Oui, je suis utopiste. Et non, je ne me soigne pas.

Le Monde.fr a publié hier un article intitulé "Le métier d'enseignant attire toujours, mais pas suffisamment". On l'avait compris dans le reportage d'envoyé spécial.

L'auteur de l'article, Mattea Battaglia, pose la question suivante : " Le « métier » d’enseignant peut-il faire rêver, quand on attend des jeunes professeurs qu’ils résolvent tous les maux de la jeunesse ou presque ? "

Il répond façon normand : " C’est que la question ne peut être tranchée d’un oui catégorique ou d’un non rassurant. Voilà en tout cas ce qui ressort de la lecture du volumineux rapport consacré à l’attractivité du métier d’enseignant que devait dévoiler, lundi 7 novembre, le Conseil national d’évaluation du système scolaire (Cnesco). (...) {Ce rapport}, sans céder aux sirènes du pessimisme, interroge scientifiquement l’ampleur et les causes d’un recrutement qui, en dépit des réformes engagées, reste problématique, en cette fin de quinquennat, dans certaines académies – à commencer par Créteil et Versailles –, mais aussi dans certaines disciplines. Et non des moindres : les mathématiques, les lettres modernes, l’anglais. "

Bon, je le note, j'ai de la lecture.

L'article pointe les inégalités entre académies, et les inégalités de niveau disciplinaire des enseignants, qui en découlent : " le dernier candidat admis en liste principale à Créteil, en 2015, a obtenu 8/20, contre 13,5/20 dans l’académie de Rennes."La crise de recrutement serait donc « sectorielle » et « non globale ». 

Il semble aussi que le choix du métier d'enseignant soit précoce : "60 % des étudiants envisageant d’embrasser cette carrière l’ont décidé avant leurs études supérieures.

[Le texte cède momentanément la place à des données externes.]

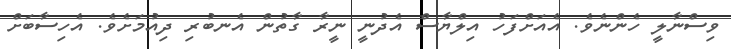
ވިސްނާލީ ހެންނެވެ. އެއަށްފަހު އިލްޔާސް އެދުނީ ނީރާ ގާތުން އެނބުރި ދިއުމަށެވެ. އެހިސާބަށް
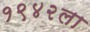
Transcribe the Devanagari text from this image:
१९४२ला
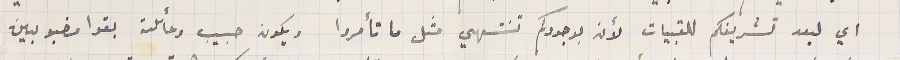
اي لبعد تشريفكم للقبيات لأنه بوجودكم تنتهي مثل ما تأمروا ويكون حبيب وعائلته بقوا مضبوبين
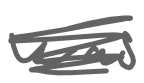
Text: was
Cross-out: scratch
Writing tool: digital_gray
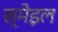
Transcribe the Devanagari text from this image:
स्मेइल
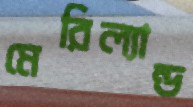
মেরিল্যান্ড
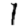
Digit: 1
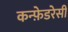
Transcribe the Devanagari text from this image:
कन्फ़ेडरेसी
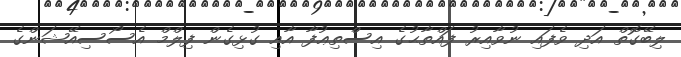
ލިބޭގޮތް އަދި ވެފައި ނުވާއިރު ފައްތާޙުގެ އިސްތިޢުފާ އާއި ގުޅިގެން ފިލްމް އެސޯސިއޭޝަންގެ
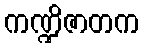
ကဏ္ဍိဇာတက
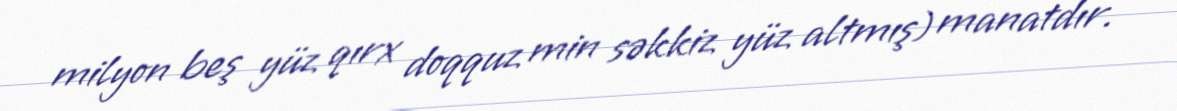
milyon beş yüz qırx doqquz min səkkiz yüz altmış) manatdır.
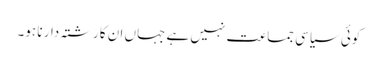
کوئی سیاسی جماعت نہیں ہے جہاں ان کا رشتہ دار نا ہو۔
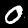
Label: 0
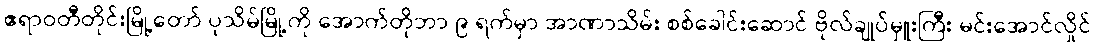
ဧရာဝတီတိုင်းမြို့တော် ပုသိမ်မြို့ကို အောက်တိုဘာ ၉ ရက်မှာ အာဏာသိမ်း စစ်ခေါင်းဆောင် ဗိုလ်ချုပ်မှူးကြီး မင်းအောင်လှိုင်
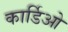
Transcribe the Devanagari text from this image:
कार्डिओ
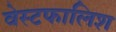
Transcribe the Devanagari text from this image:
वेस्टफालिश
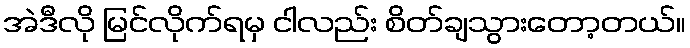
အဲဒီလို မြင်လိုက်ရမှ ငါလည်း စိတ်ချသွားတော့တယ်။
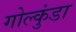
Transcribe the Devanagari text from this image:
गोल्कुंडा
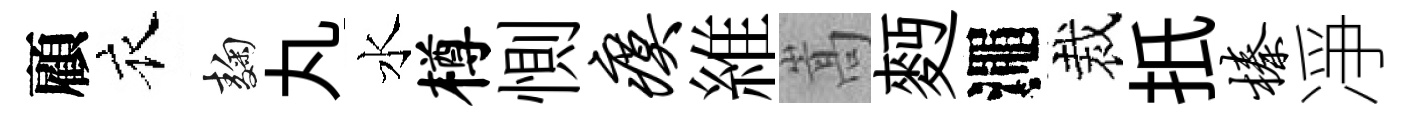
顧衣麹丸水樽惻瘼維嵩麪澠裁扺榛凈
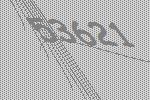
53621
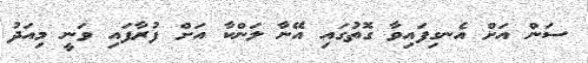
ސަން އަށް އެނގިފައިވާ ގޮތުގައި އޭނާ ލަންކާ އަށް ފުރާފައި ވަނީ މިއަދު
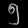
Digit: ၅
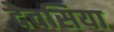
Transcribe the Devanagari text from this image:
देवसिया
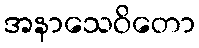
အနာသေဝိတော
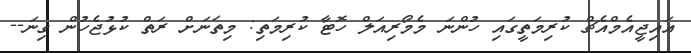
އައިޖީއެމްއެޗް ކުރިމަތީގައި ހުންނަ މެމޯރިއަލް ހޮޓާ ކުރިމަތި: މިތަނަށް ރަތް ކުޅުޖެހުން ގިނަ--
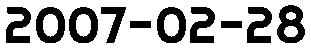
2007-02-28
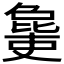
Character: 𣬒
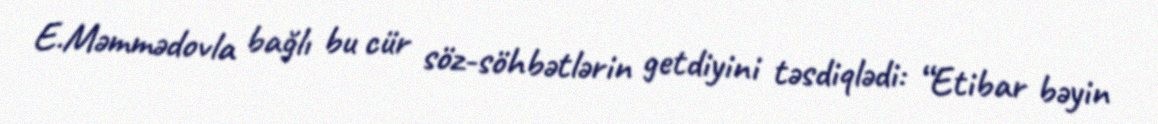
E.Məmmədovla bağlı bu cür söz-söhbətlərin getdiyini təsdiqlədi: “Etibar bəyin
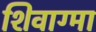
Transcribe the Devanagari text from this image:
शिवाग्मा
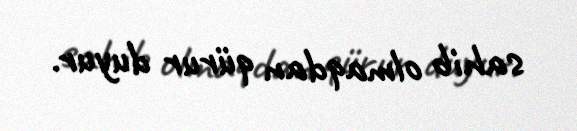
sahib olmaqdan qürur duyur.
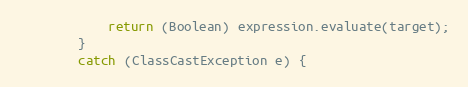
Language: Java
            return (Boolean) expression.evaluate(target);
        }
        catch (ClassCastException e) {
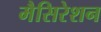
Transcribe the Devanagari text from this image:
मैसिरेशन
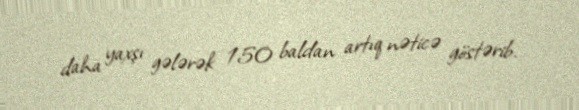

Et 25 % de ceux souhaitant devenir professeurs des écoles y pensent… depuis l’école primaire." Mais les aspirants enseignants n'idéalisent pas: ils voient le métier attractif, mais pas prestigieux.

Si l'on en revient à la question initiale : " Le « métier » d’enseignant peut-il faire rêver, quand on attend des jeunes professeurs qu’ils résolvent tous les maux de la jeunesse ou presque ? " 
Ah ben c'est sûr, présenté comme ça, non, pas trop. 

Et pourtant...
Finalement, est-ce si important que ça, d'être dévalorisés, pris pour des glandus fainéants, par monsieur tout-le-monde ou par monsieur l'ex-président de la République ? C'est désagréable, c'est agaçant, c'est surtout injuste. Mais c'est faux, alors ce n'est pas si important que cela (même si régulièrement cela m'horripile et que je déverse mon mécontentement ici).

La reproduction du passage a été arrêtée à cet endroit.